Terlebih sejak ia mendapati cincin kawin Mas Tama, yang tersimpan di atas nakas. Seolah menjadi pertanda, jika Mas Tama telah melepaskannya. Tak ada lagi yang tertinggal di antara mereka berdua. Sudah cukup sampai di sini.
Tapi, apakah ia merasa lega?
Tidak.
Dadanya justru terasa kian sesak. Dihimpit oleh perasaan bersalah yang menggunung.
Mengapa harus merasa bersalah?
Entahlah. Ia sendiri tak tahu.
Yang jelas, Mas Tama bukan tipikal suami bertabiat buruk yang wajib dihempaskan. Terhitung sejak mereka menikah, Mas Tama tak pernah memakinya. Tak pernah berkata kasar padanya ataupun Reka.
Mas Tama juga bertanggung jawab penuh terhadap kehidupan mereka berdua, dirinya dan Reka.
Mas Tama bahkan masih rutin mentransfer sejumlah rupiah tertentu untuk ibunya, juga Miko.
Tapi kehidupan pernikahan bukan melulu soal tanggung jawab dan limpahan materi berlebih. Ada hati dan perasaan yang juga berperan di sana. Tentang cinta, pengertian, saling.
Dan keengganan dirinya juga Mas Tama untuk menyelesaikan masalah secara tuntas, benar-benar menjadi boomerang paling mengerikan. Menjadi bom waktu yang akhirnya meledak, ketika Mas Tama memergokinya tengah berada di apartemen bersama Mas Pram.
Jadi, tatkala sosok Mas Tama tiba-tiba muncul di hari ulang tahun Reka. Ia benar-benar tersudutkan. Tak ada lagi emergency exit (pintu keluar darurat) yang tersisa. Ia harus berani menghadapi, walau pahit dan menyedihkan.
"Selamat ulang tahun, Reka."
Ia hanya bisa tertegun, melihat Mas Tama mengulurkan kado berbentuk kotak yang cukup besar kepada Reka.
"Makasih," jawab Reka datar.
"Semoga panjang umur, jadi anak yang berbakti ...." gumam Mas Tama seraya merentangkan kedua tangan.
Tapi Reka hanya diam mematung. Sama sekali tak memberi sambutan.
Membuatnya mengambil alih situasi dengan tersenyum kaku, "Terima kasih, Ayah. Terima kasih."
Mas Tama sempat memandangnya dengan mata terluka. Namun sejurus kemudian, Mas Tama telah berseloroh ke arah Reka, "Coba ... buka kadonya."

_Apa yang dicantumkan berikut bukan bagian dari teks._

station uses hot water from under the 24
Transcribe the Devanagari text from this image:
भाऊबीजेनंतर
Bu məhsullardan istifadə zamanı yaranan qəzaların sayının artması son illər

Reka sempat menoleh ke arahnya meminta persetujuan.
Dan begitu ia mengangguk, Reka pun mulai membuka kado dari Mas Tama.
"Wah!" hampir semua orang yang berada di ruang tengah bertepuk tangan, ketika mendapati isi kado yang dibawa oleh Mas Tama.
Tapi Reka justru memasang wajah masam seraya bergumam, "Aku punya dua dong."

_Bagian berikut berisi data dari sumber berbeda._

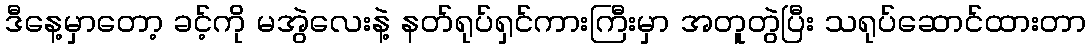
ဒီနေ့မှာတော့ ခင့်ကို မအွဲလေးနဲ့ နတ်ရုပ်ရှင်ကားကြီးမှာ အတူတွဲပြီး သရုပ်ဆောင်ထားတာ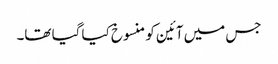
جس میں آئین کو منسوخ کیا گیا تھا۔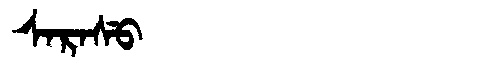
Manchu: ᠰᠠᡵᠠᠰᡠ
Romanization: SARASU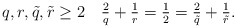
\begin{align*}q,r, \tilde q, \tilde r\geq2 \quad \tfrac{2}{q}+\tfrac{1}{r}=\tfrac{1}{2}=\tfrac{2}{\tilde q}+\tfrac{1}{\tilde r}.\end{align*}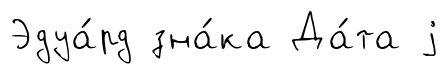
Эдуа́рд зна́ка Да́та j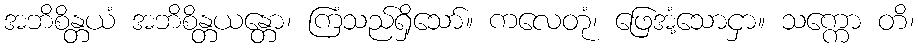
အဘိစိန္တယံ အဘိစိန္တယန္တော၊ ကြံသည်ရှိသော်။ ကလေတုံ၊ ဖြေအံ့သောငှာ။ သက္ကော တိ၊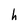
Character: h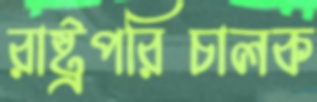
রাষ্ট্রপরিচালক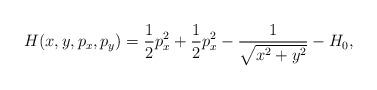
LaTeX: \begin{align*}H(x,y,p_x,p_y) = \frac{1}{2}p_x^2+\frac{1}{2}p_x^2 -\frac{1}{\sqrt{x^2+y^2}}-H_0,\end{align*}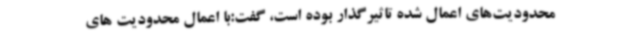
محدودیت‌های اعمال شده تاثیرگذار بوده است، گفت:با اعمال محدودیت های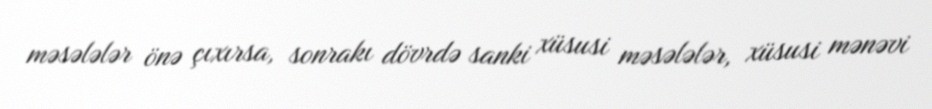
məsələlər önə çıxırsa, sonrakı dövrdə sanki xüsusi məsələlər, xüsusi mənəvi

Sontak berhasil membuat wajah sumringah Mas Tama berubah menjadi kelabu, "Kamu udah punya PS5?"
Reka menatapnya tak percaya. Lalu berujar dengan ketus ke arah Mas Tama, "Ayah emang nggak tahu apa-apa tentang Reka."
---------
Ia meletakkan secangkir kopi ke atas meja.
Merk kopi instant favorit kesukaan Mas Tama. Diseduh dengan air mendidih yang baru matang. Bukan air dari dispenser.
Diaduk sebanyak 30 kali memutar ke arah kanan. Agar terseduh sempurna dan tercampur rata. Begitu kebiasaannya dulu. Dulu sekali. Entah sudah berapa lama berlalu. Ia bahkan sudah lupa. Kapan kali terakhir membuatkan kopi untuk Mas Tama.
Tapi hampir lima menit berlalu, sejak ia meletakkan secangkir kopi ke atas meja. Suasana masih saja sunyi. Hanya sesekali terdengar sayup-sayup suara obrolan dan gelak tawa, yang berasal dari ruang tengah.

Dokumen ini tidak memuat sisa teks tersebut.